Until you've worked in Chicago, you have no idea how bad the manufacturing climate is, including labor relations. I've done 80%+ of my work in two places: Indiana and Chicago. The mindset in Chicago is "f*** you this is how it works and we ain't gonna change it", while the mindset in Indiana is "how can we help?". It's like night and day. I have never had to deal with antagonizing union-employer relations in Indiana, while it's commonplace in the Chicago area. I can't say I blame them for wanting to quit Lagrange. I literally grew up in a Indiana factory and the guys there were the best. Not so much in Chicago. Stuff gets stolen or vandalized regularly in an us-vs.-them game.

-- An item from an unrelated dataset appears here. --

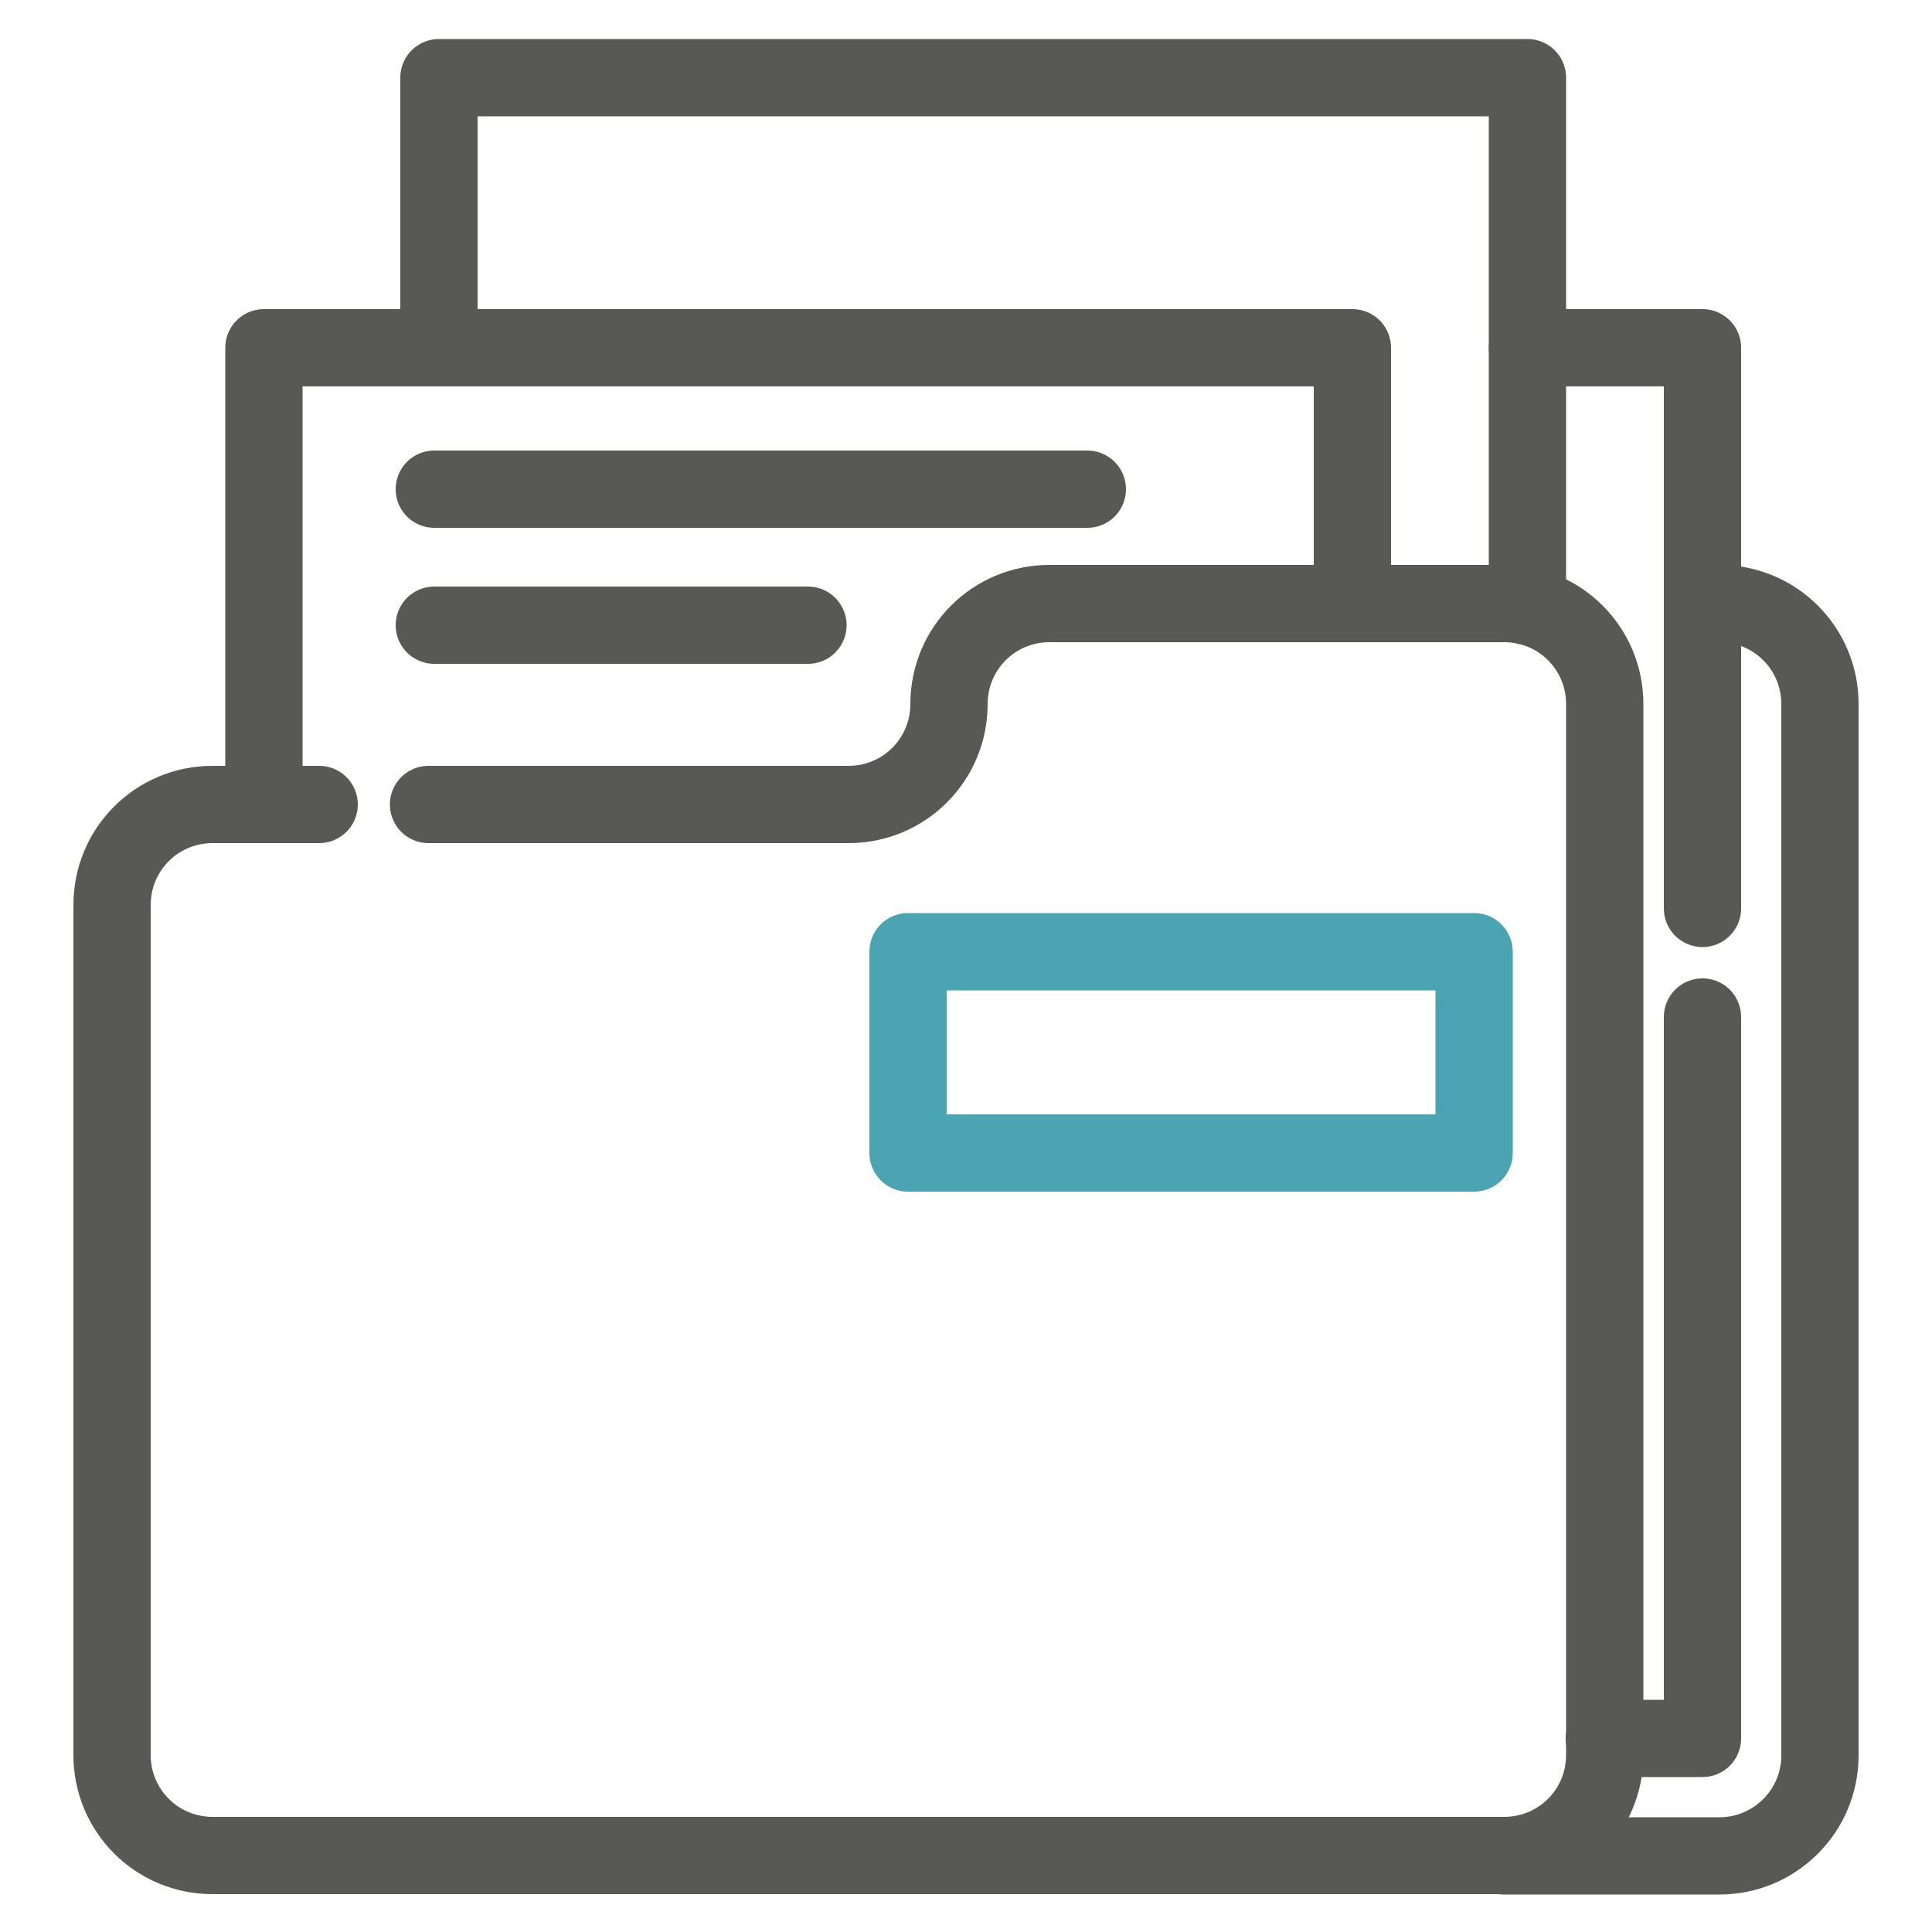 <?xml version="1.0" encoding="UTF-8"?> <svg xmlns="http://www.w3.org/2000/svg" version="1.1" viewBox="0 0 500 500"><defs><style> .cls-1 { stroke: #585857; } .cls-1, .cls-2 { fill: none; stroke-linecap: round; stroke-linejoin: round; stroke-width: 20px; } .cls-2 { stroke: #4aa4b2; } </style></defs><g><g id="Ebene_1"><g id="svg4653"><g><path id="path4671" class="cls-1" d="M82.6,208.2h-27.6c-14.4,0-26,11.6-26,26v220c0,14.4,11.6,26,26,26h334.3c14.4,0,26-11.6,26-26V182.2c0-14.4-11.6-26-26-26h-117.7c-14.4,0-26,11.6-26,26s-11.6,26-26,26h-108.7"></path><path id="path4675" class="cls-1" d="M440.6,156.2h4.4c14.4,0,26,11.6,26,26v272.1c0,14.4-11.7,26-26,26h-55.8"></path><path id="path4679" class="cls-1" d="M350,156.2v-66.2H68.3v118.2"></path><path id="path4683" class="cls-1" d="M395.3,156.9V20.1H113.6v69.8"></path><path id="path4687" class="cls-1" d="M440.6,263.2v186.7h-25.4"></path><path id="path4691" class="cls-1" d="M395.3,90h45.3v145.1"></path><path id="path4695" class="cls-1" d="M112.4,126.6h169"></path><path id="path4699" class="cls-1" d="M112.4,161.8h96.7"></path><path id="path4701" class="cls-2" d="M381.5,298.4h-146.5v-52.1h146.5v52.1h0Z"></path></g></g></g></g></svg>

If you look at Chicago, heavy industry has left in droves over the last thirty years. Literally they've walked away from billion dollar investments like US Steel South Works, USS Joliet, Acme Steel, Wisconsin Steel, Pullman-Standard, Brachs Candy... Nobody wants to buy those plants, even on the cheap, because they don't want to deal with the workforce. You don't walk away from a billion dollar steel mill or railcar plant because it's a bad day, you do it because financially it makes more sense to dump a billion dollars in a new plant than keep fighting the same battle at an old plant. You'll notice the last big Caterpillar plant in the area was in Lafayette, IN, and Sumitomo built their Rochelle railcar plant 80 miles out of the city. All the recent steel mills have gone to Indiana, too (Steel Dynamics, Nucor).
Finally, the taxes are probably nuts, too. When Thrall Car (freight cars) left town, their annual property tax bill alone was something like $400k. They told the city they were losing their tail and were going to move if nobody did anything about the tax bill. The city tried calling their bluff, and Thrall moved out. The current owner pays something like 1/10th that property tax and employes maybe 50 people, rather than 1000 people.
The company - Cat - has a fiduciary duty to their shareholders to make money, and Cat's good at doing this. The shareholders, of course, are what's known as "institutional investors". In everyday terms, that's our retirement funds and insurance companies. We depend on the success of such companies to provide our safety nets for sickness and old age.